Ainda no capítulo das pensões, prevê aumentar os “limites da taxa global de bonificação, tanto no que diz respeito aos anos trabalhados como na taxa calculada para tornar mais proveitoso o trabalho depois da idade de reforma”. Atualmente, o valor a auferir é calculado multiplicando o número de meses trabalhados depois da idade de reforma por uma taxa de bonificação, mas o total de bonificação está limitado a 92%, “o que rapidamente limita os incentivos ao trabalho principalmente para quem tem uma carreira contributiva longa”.

Além disso, os liberais defendem que seria de “elevada justiça e benefício social a fixação de valores máximos e mínimos das pensões de reforma na componente financiada pela transferência de recursos de trabalhadores ativos para reformados (limites, porém não aplicáveis no caso da componente de capitalização)”.

A Iniciativa Liberal considera ainda essencial a divulgação de informação anual com a situação agregada das suas contribuições para a Segurança Social a cada contribuinte individual. E quer classificar os equipamentos e as respostas sociais segundo critérios semelhantes ao sistema de estrelas na hotelaria, “sendo que estes critérios deverão ter em conta por exemplo desde o conforto e segurança das respostas como a especialização da mesma na resposta às comorbilidades associadas ao envelhecimento”.
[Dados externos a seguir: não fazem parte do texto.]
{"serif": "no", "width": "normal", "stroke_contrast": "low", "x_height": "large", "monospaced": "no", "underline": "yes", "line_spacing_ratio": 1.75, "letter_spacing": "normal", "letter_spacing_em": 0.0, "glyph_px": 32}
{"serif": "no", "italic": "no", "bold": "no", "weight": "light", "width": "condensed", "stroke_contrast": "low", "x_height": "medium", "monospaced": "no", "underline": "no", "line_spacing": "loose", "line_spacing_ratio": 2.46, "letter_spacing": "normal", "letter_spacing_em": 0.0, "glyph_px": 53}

Livre defende aumento do Indexante de Apoios Sociais

O Livre garante que vai pautar-se pela sustentabilidade de uma Segurança Social “pública inclusiva”. Como? Através do reforço e da diversificação do financiamento do sistema de Segurança Social, com o combate à evasão contributiva (não refere como), a “consideração da real remuneração (e não apenas do salário base) no cálculo da contribuição”; o aumento da percentagem atribuída à Segurança Social das coimas por violação de direitos e garantias laborais; e a canalização da receita de impostos sobre consumo, capital e transações financeiras. Esse objetivo de diversificar as fontes de receita, propõe o Livre, pode ainda ser feito taxando o lucro das empresas; reforçando a proteção social em caso de doença, incapacidade ou velhice para advogados e solicitadores, integrando o sistema contributivo específico destas profissões no regime geral e “mais garantístico” da Segurança Social.

Para “aumentar o tempo disponível para todos”, inscreve, entre medidas laborais, o não aumento da idade mínima de reforma, “com planeamento para a sua redução (diminuindo o tempo de resposta ao pedido de reforma); e permitindo a redução do horário de trabalho em função da idade do trabalhador sem perda de rendimento em vez da reforma total”.

O partido liderado por Rui Tavares é também a favor do “restabelecimento do acesso ao Rendimento Social de Inserção e do aumento do seu valor”. Quer reforçar os apoios sociais, através do aumento do Indexante de Apoios Sociais (IAS) “com aumentos anuais sucessivos e graduais, que permitam garantir estabilidade na atribuição de diversos apoios sociais”.

Em cima da mesa está o “reforço do quadro assistencialista previsto para as faltas laborais para prestar assistência urgente e necessária aos pais, em caso de doença ou acidentes, em termos análogos ao existente na prestação social atribuída aos filhos”.

E apoiar a parentalidade, através do aumento progressivo da licença parental para 16 meses, com maiores incentivos para que seja repartida entre ambos os pais, com períodos mais longos de tempo conjunto (numa primeira fase passar já para 120 dias) e com um período mínimo obrigatório de gozo de licença por cada um dos pais, assim como criar um regime de proteção para grávidas ou pais em processo de adoção com contrato a termo certo; e a redução do horário de trabalho para trabalhadores com filhos pequenos até três anos , independentemente de serem amamentados ou não e com incentivo para ser repartido entre os dois.